(Dataset entries)
=== Begin Enclosure ===

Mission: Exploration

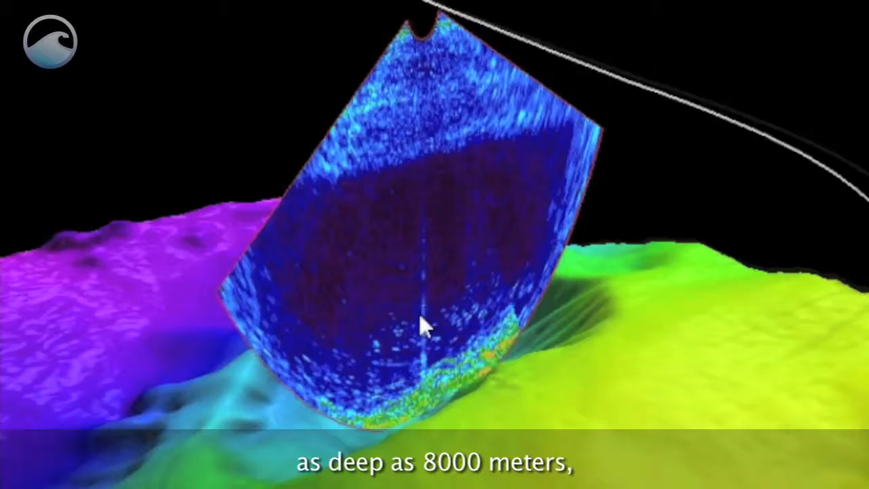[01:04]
creating 3D imagery of underwater ridges, trenches, volcanoes, and even plumes.
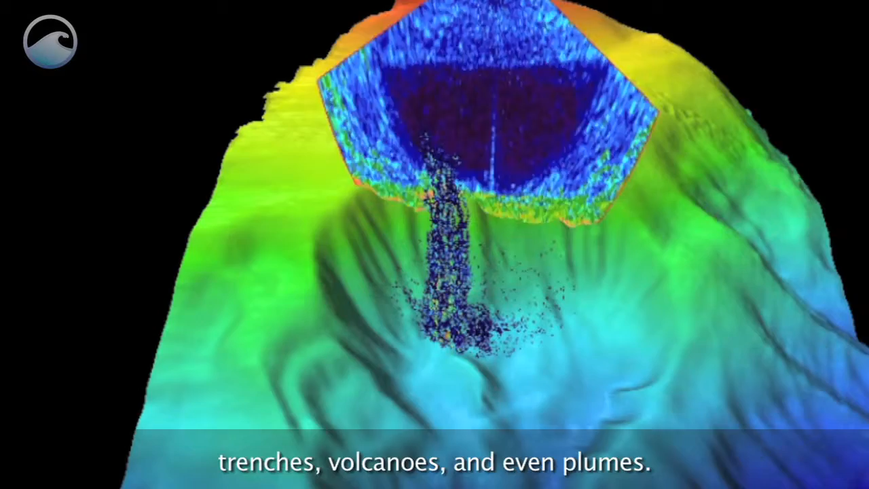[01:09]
Okeanos also has two remotely operated vehicles with HD cameras to capture images and video of its underwater explorations.
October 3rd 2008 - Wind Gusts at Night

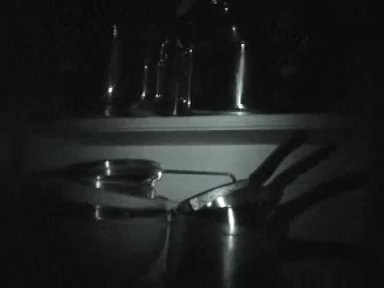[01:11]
With the night shot option turned on the old camera. Now, on a previous recording,
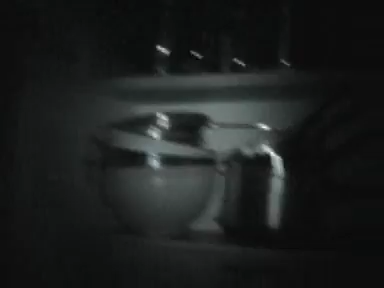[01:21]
I have a light outside, which isn't working.
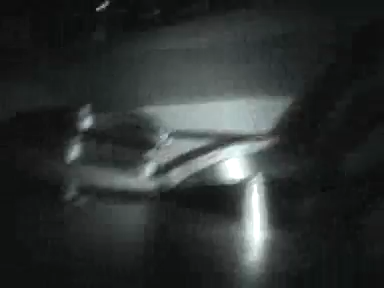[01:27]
I still haven't got around to replacing the bulb yet.
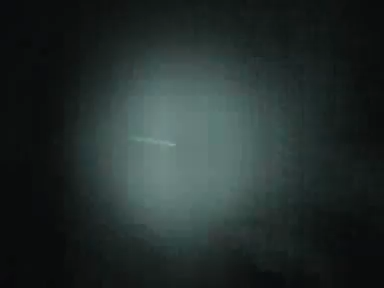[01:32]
And I completely forgot that I could turn the night vision on. There, I'm looking into a mirror right now at myself,
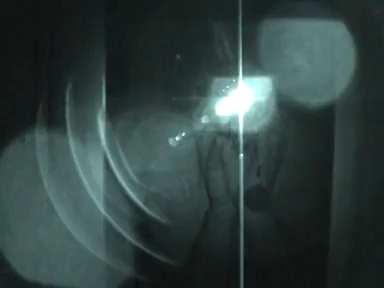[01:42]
pointing the camera at the mirror in the dark with the infrared on, the night vision. So if I get this door unlocked, I shall venture outside. And this is what I look like in the dark.
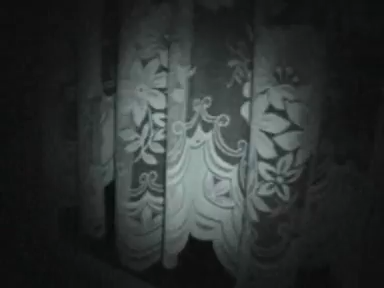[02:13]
Shed door. And I'm going to find a decent place to leave this.
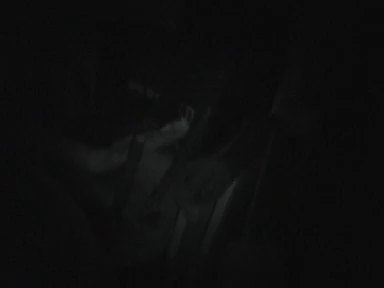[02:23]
And, let's have a look here.
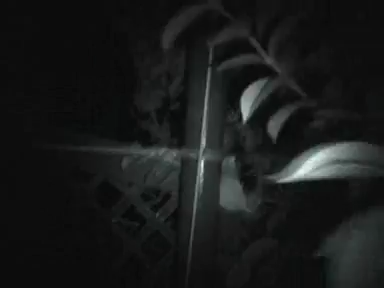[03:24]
Ah, this could come out quite nicely, actually. Wow, it really is pretty windy out here, isn't it?
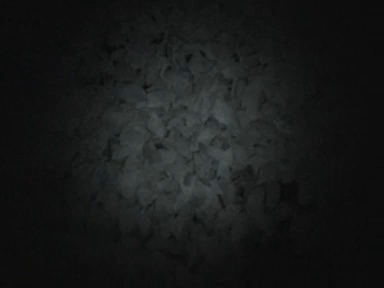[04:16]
It's raining, so it's going to have to be in here.
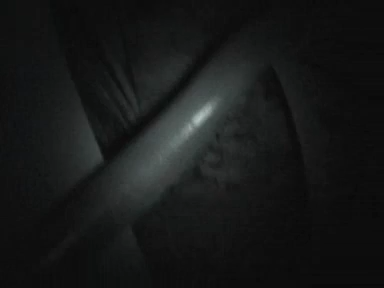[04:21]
And the chair's wet as well.
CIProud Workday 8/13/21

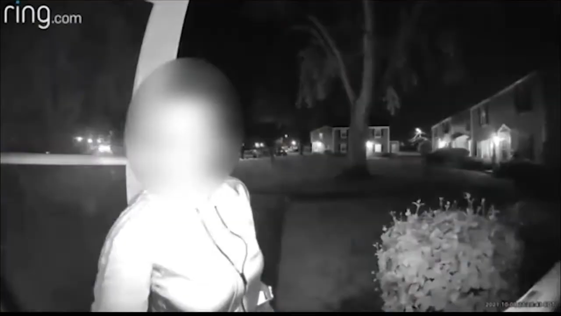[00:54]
The woman's ring doorbell camera recording the entire situation. She later posted the footage on Facebook.
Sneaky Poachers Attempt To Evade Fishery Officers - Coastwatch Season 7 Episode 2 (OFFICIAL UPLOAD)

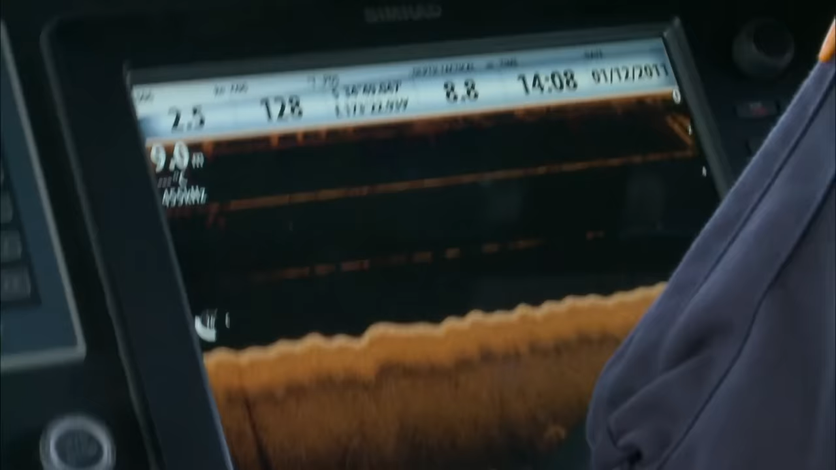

=== End Enclosure ===

- **WHAT YOU HAVE TO DO**: Return each entry above unchanged. Leave the pictures out.

- **RESULT**:
Mission: Exploration

[01:04]
creating 3D imagery of underwater ridges, trenches, volcanoes, and even plumes.
[01:09]
Okeanos also has two remotely operated vehicles with HD cameras to capture images and video of its underwater explorations.
October 3rd 2008 - Wind Gusts at Night

[01:11]
With the night shot option turned on the old camera. Now, on a previous recording,
[01:21]
I have a light outside, which isn't working.
[01:27]
I still haven't got around to replacing the bulb yet.
[01:32]
And I completely forgot that I could turn the night vision on. There, I'm looking into a mirror right now at myself,
[01:42]
pointing the camera at the mirror in the dark with the infrared on, the night vision. So if I get this door unlocked, I shall venture outside. And this is what I look like in the dark.
[02:13]
Shed door. And I'm going to find a decent place to leave this.
[02:23]
And, let's have a look here.
[03:24]
Ah, this could come out quite nicely, actually. Wow, it really is pretty windy out here, isn't it?
[04:16]
It's raining, so it's going to have to be in here.
[04:21]
And the chair's wet as well.
CIProud Workday 8/13/21

[00:54]
The woman's ring doorbell camera recording the entire situation. She later posted the footage on Facebook.
Sneaky Poachers Attempt To Evade Fishery Officers - Coastwatch Season 7 Episode 2 (OFFICIAL UPLOAD)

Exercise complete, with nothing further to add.